▶ **What needs to be done**
Each entry below should be restated word for word, without any picture it contains.

[Extracted data entries]
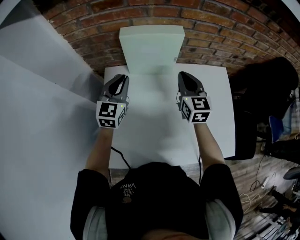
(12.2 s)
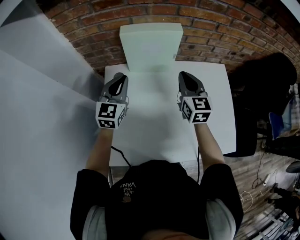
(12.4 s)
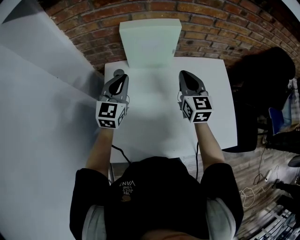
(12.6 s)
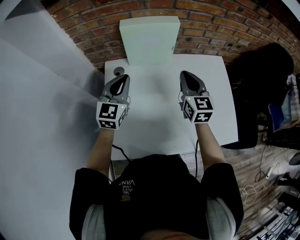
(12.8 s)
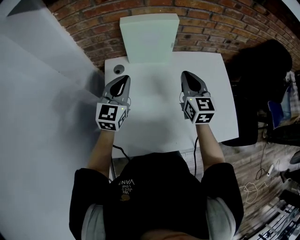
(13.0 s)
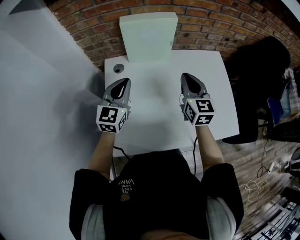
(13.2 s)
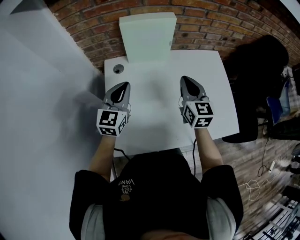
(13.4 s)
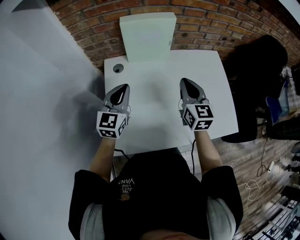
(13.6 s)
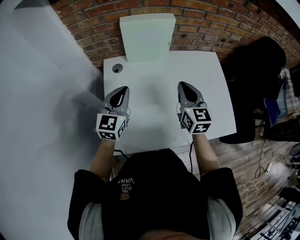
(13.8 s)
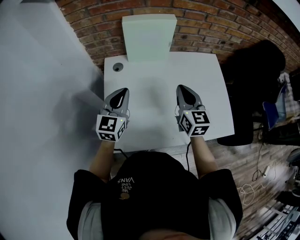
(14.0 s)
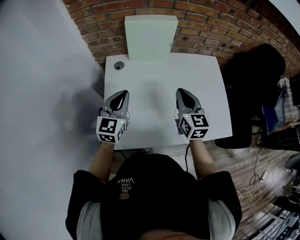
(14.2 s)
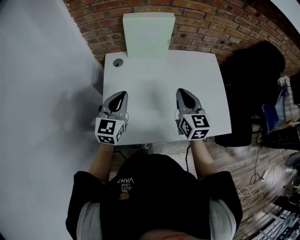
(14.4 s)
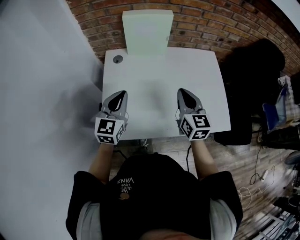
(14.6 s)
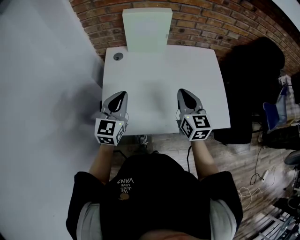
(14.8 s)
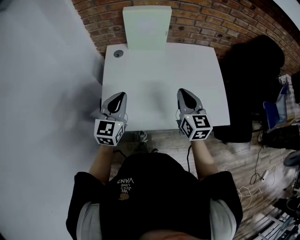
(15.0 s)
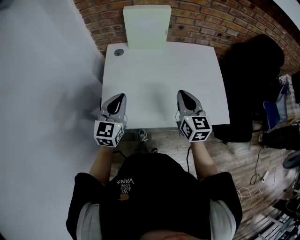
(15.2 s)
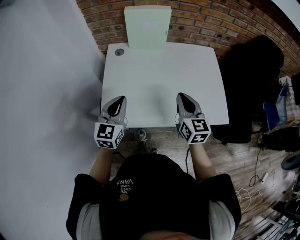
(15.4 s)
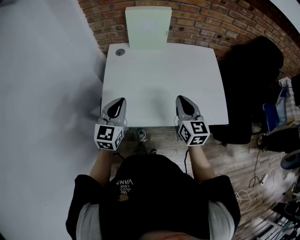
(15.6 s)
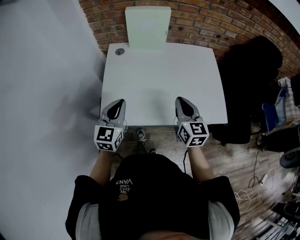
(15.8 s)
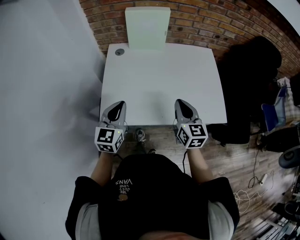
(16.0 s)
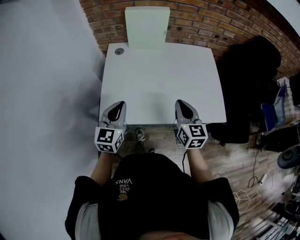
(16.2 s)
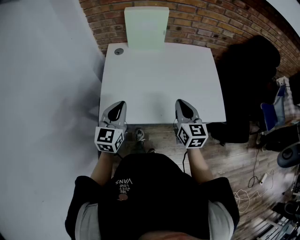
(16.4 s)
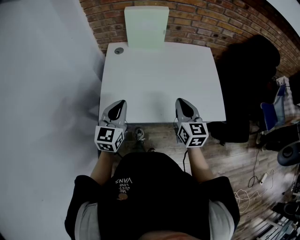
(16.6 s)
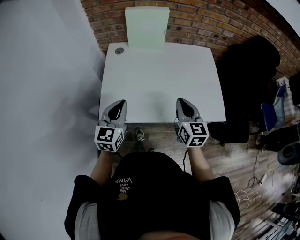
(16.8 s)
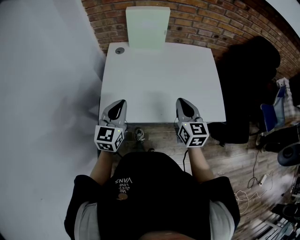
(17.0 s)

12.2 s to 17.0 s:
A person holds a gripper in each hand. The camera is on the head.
12.2 to 13.8 s: The two grippers go roughly 15 cm backward.
13.8 to 15.4 s: The grippers both shift backward by roughly 15 cm.
15.4 to 17.0 s: The grippers move only a little.

▶ **Finished task**
(12.2 s)
(12.4 s)
(12.6 s)
(12.8 s)
(13.0 s)
(13.2 s)
(13.4 s)
(13.6 s)
(13.8 s)
(14.0 s)
(14.2 s)
(14.4 s)
(14.6 s)
(14.8 s)
(15.0 s)
(15.2 s)
(15.4 s)
(15.6 s)
(15.8 s)
(16.0 s)
(16.2 s)
(16.4 s)
(16.6 s)
(16.8 s)
(17.0 s)

12.2 s to 17.0 s:
A person holds a gripper in each hand. The camera is on the head.
12.2 to 13.8 s: The two grippers go roughly 15 cm backward.
13.8 to 15.4 s: The grippers both shift backward by roughly 15 cm.
15.4 to 17.0 s: The grippers move only a little.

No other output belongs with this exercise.